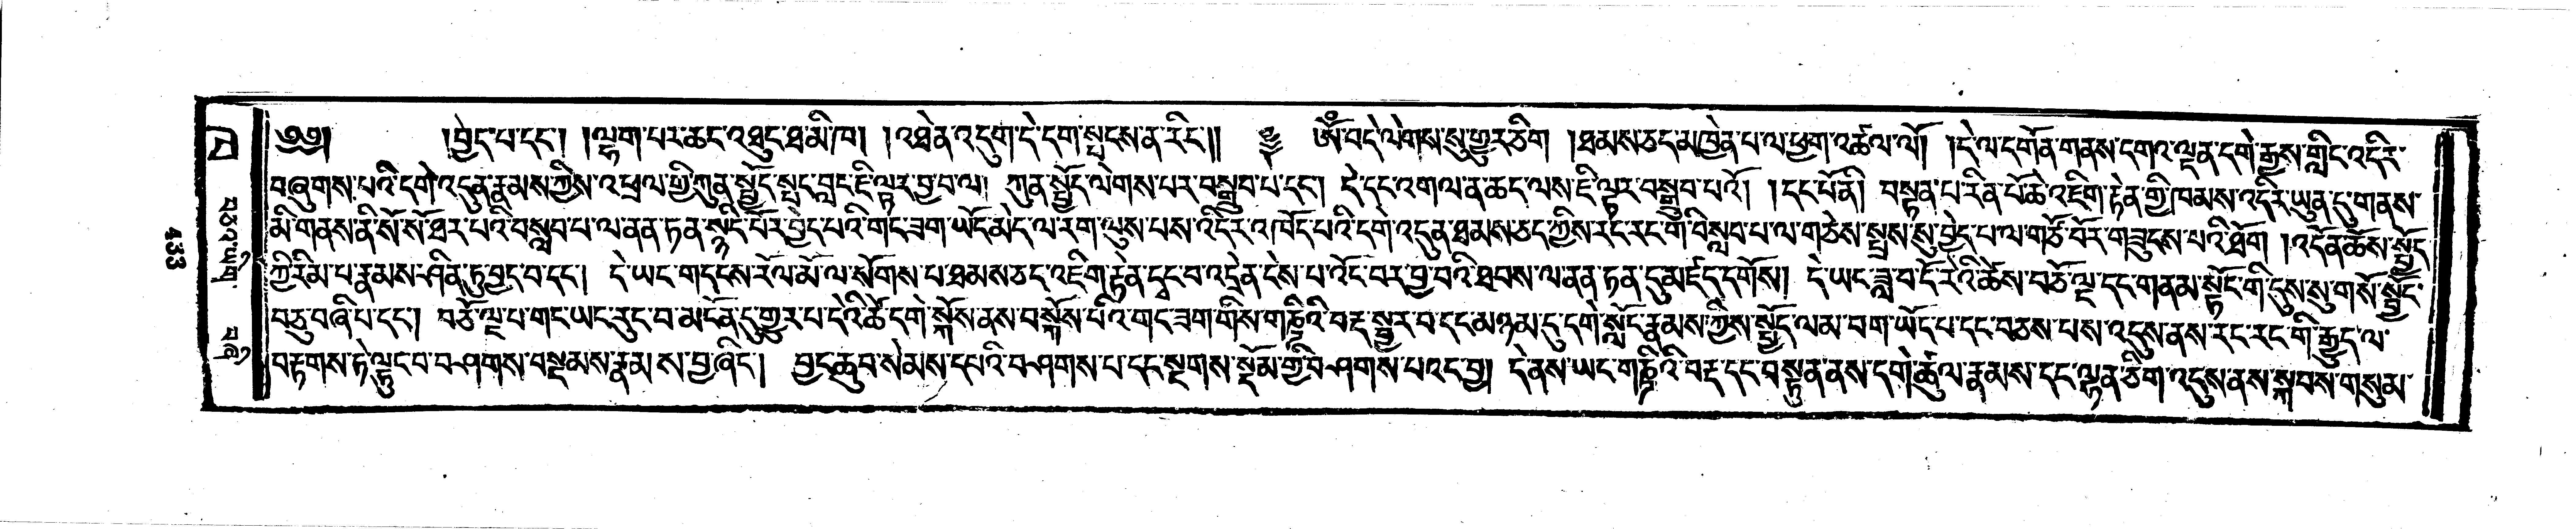༄༅། །བྱེད་པ་དང་། །ལྷག་པར་ཆང་འཐུང་ཐ་མི་ཁ། །འཐེན་འདུག་དེ་དག་སྤངས་ན་རིང།། ༈ ཨོཾ་བདེ་ལེགས་སུ་གྱུར་ཅིག །ཐམས་ཅད་མཁྱེན་པ་ལ་ཕྱག་འཚལ་ལོ། །དེ་ལ་དགོན་གནས་དགའ་ལྡན་དགེ་རྒྱས་གླིང་འདིར་
བཞུགས་པའི་དགེ་འདུན་རྣམས་ཀྱིས་འཕྲལ་གྱི་ཀུན་སྤྱོད་སྤང་བླང་ཇི་ལྟར་བྱ་བ་ལ། །ཀུན་སྤྱོད་ལེགས་པ་བསྒྲུབ་པ་དང་། དེ་དང་འགལ་ན་ཆད་ལས་ཇི་ལྟར་བསྒྲུབ་པའོ། །དང་པོ་ནི། བསྟན་པ་རིན་པོ་ཆེ་འཇིག་རྟེན་གྱི་ཁམས་འདིར་ཡུན་དུ་གནས་
མི་གནས་ནི་སོ་སོ་ཐར་པའི་བསླབ་པ་ལ་ནན་ཏན་སྙིང་པོར་བྱེད་པའི་གང་ཟག་ཡོད་མེད་ལ་རག་ལུས་པས་འདིར་འཁོད་པའི་དགེ་འདུན་ཐམས་ཅད་ཀྱིས་རང་རང་གི་བསླབ་པ་ལ་གཅེས་སྤྲས་སུ་བྱེད་པ་ལ་གཙོ་བོར་གཟུངས་པའི་ཐོག །འདོན་ཆོས་སྤྱོད་
ཀྱི་རིམ་པ་རྣམས་ཤིན་ཏུ་བྱང་བ་དང་། དེ་ཡང་གདངས་རོལ་མོ་ལ་སོགས་པ་ཐམས་ཅད་འཇིག་རྟེན་དྭང་བ་འདྲེན་ངེས་པ་འོང་བར་བྱ་བའི་ཐབས་ལ་ནན་ཏན་དུ་མཛད་དགོས། དེ་ཡང་ཟླ་བ་ངོ་རེའི་ཚེས་བཅོ་ལྔ་དང་གནམ་སྟོང་གི་དུས་སུ་གསོ་སྦྱོང་
བཅུ་བཞི་པ་དང་། བཅོ་ལྔ་པ་གང་ཡང་རུང་བ་མངོན་དུ་གྱུར་པ་དེའི་ཚེ་དགེ་སྐོས་ནས་བསྐོས་པའི་གང་ཟག་གིས་གཎྜིའི་བརྡ་སྦྱར་བ་དང་མཉམ་དུ་དགེ་སློང་རྣམས་ཀྱིས་སྤྱོད་ལམ་བག་ཡོད་པ་དང་བཅས་པས་འདུས་ནས་རང་རང་གི་རྒྱུད་ལ་
བརྟགས་ཏེ་ལྟུང་བ་བཤགས་བསྔམས་རྣམས་བྱ་ཞིང་། བྱང་ཆུབ་སེམས་དཔའི་བཤགས་པ་དང་སྔགས་སྡོམ་གྱི་བཤགས་པའང་བྱ། དེ་ནས་ཡང་གཎྜིའི་བརྡ་དང་བསྟུན་ནས་དགེ་ཚུལ་རྣམས་དང་ལྷན་ཅིག་འདུས་ནས་སྐབས་གསུམ་

———

■ EXERCISE REQUIREMENTS ■
Once the line containing "མི་གནས་ནི་སོ་ས" has been located, transcribe exactly and only every line from the first line of the entries through it, excluding pictures.

■ ANSWER TO THIS PROBLEM ■
༄༅། །བྱེད་པ་དང་། །ལྷག་པར་ཆང་འཐུང་ཐ་མི་ཁ། །འཐེན་འདུག་དེ་དག་སྤངས་ན་རིང།། ༈ ཨོཾ་བདེ་ལེགས་སུ་གྱུར་ཅིག །ཐམས་ཅད་མཁྱེན་པ་ལ་ཕྱག་འཚལ་ལོ། །དེ་ལ་དགོན་གནས་དགའ་ལྡན་དགེ་རྒྱས་གླིང་འདིར་
བཞུགས་པའི་དགེ་འདུན་རྣམས་ཀྱིས་འཕྲལ་གྱི་ཀུན་སྤྱོད་སྤང་བླང་ཇི་ལྟར་བྱ་བ་ལ། །ཀུན་སྤྱོད་ལེགས་པ་བསྒྲུབ་པ་དང་། དེ་དང་འགལ་ན་ཆད་ལས་ཇི་ལྟར་བསྒྲུབ་པའོ། །དང་པོ་ནི། བསྟན་པ་རིན་པོ་ཆེ་འཇིག་རྟེན་གྱི་ཁམས་འདིར་ཡུན་དུ་གནས་
མི་གནས་ནི་སོ་སོ་ཐར་པའི་བསླབ་པ་ལ་ནན་ཏན་སྙིང་པོར་བྱེད་པའི་གང་ཟག་ཡོད་མེད་ལ་རག་ལུས་པས་འདིར་འཁོད་པའི་དགེ་འདུན་ཐམས་ཅད་ཀྱིས་རང་རང་གི་བསླབ་པ་ལ་གཅེས་སྤྲས་སུ་བྱེད་པ་ལ་གཙོ་བོར་གཟུངས་པའི་ཐོག །འདོན་ཆོས་སྤྱོད་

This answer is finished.